TASK DESCRIPTION: Copy every line from the records that holds the word "name".

DATA PROVIDED:
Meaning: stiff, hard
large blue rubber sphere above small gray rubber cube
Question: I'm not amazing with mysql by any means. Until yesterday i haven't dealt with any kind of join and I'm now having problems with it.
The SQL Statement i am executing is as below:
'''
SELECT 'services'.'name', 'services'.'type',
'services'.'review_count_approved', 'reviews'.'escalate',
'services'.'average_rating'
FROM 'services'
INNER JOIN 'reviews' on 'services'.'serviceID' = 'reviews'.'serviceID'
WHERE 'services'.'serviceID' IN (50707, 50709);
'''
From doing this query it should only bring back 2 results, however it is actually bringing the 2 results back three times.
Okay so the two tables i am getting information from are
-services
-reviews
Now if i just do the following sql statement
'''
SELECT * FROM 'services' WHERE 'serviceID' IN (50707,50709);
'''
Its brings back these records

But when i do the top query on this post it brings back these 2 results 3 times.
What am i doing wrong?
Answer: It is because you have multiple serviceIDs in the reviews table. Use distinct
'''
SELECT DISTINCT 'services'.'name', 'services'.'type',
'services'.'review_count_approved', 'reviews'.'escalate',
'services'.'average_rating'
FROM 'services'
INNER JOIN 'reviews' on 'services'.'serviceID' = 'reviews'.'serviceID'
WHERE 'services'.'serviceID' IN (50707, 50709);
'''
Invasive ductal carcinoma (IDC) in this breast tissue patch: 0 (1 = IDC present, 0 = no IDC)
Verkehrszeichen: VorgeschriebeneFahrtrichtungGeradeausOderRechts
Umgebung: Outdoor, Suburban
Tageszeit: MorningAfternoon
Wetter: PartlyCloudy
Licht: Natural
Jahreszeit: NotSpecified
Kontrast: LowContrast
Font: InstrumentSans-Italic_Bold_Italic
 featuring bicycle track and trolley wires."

--

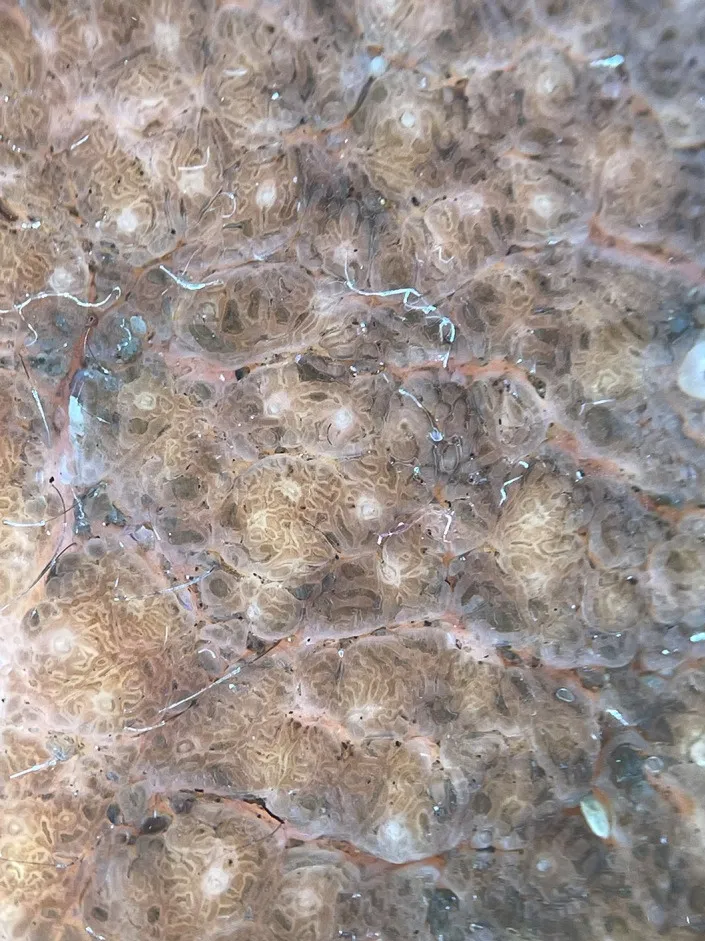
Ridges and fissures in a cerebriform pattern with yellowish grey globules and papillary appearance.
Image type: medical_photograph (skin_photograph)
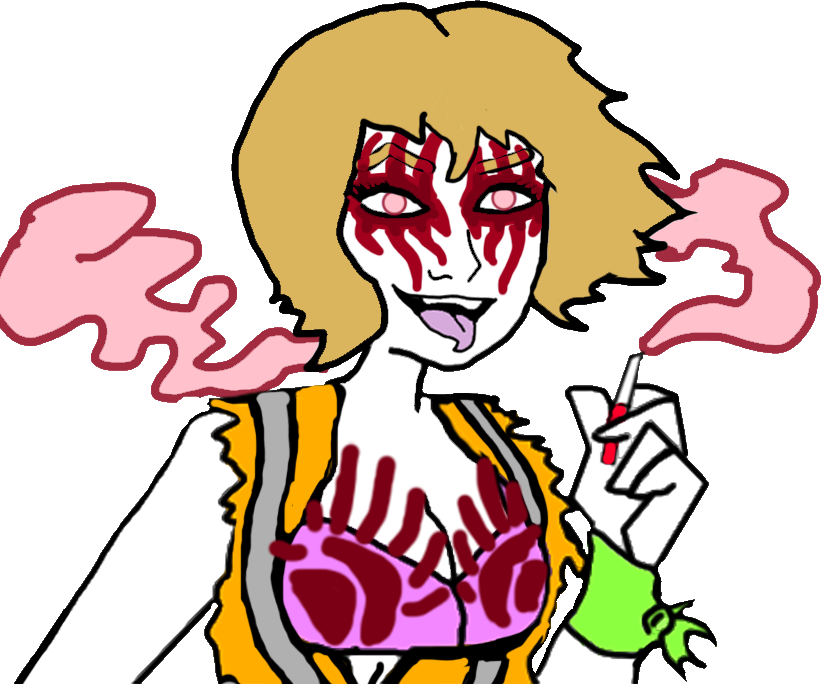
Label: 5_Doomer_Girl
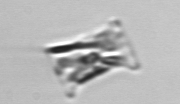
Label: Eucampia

OUTPUT OF THE TASK:
SELECT 'services'.'name', 'services'.'type',
SELECT DISTINCT 'services'.'name', 'services'.'type',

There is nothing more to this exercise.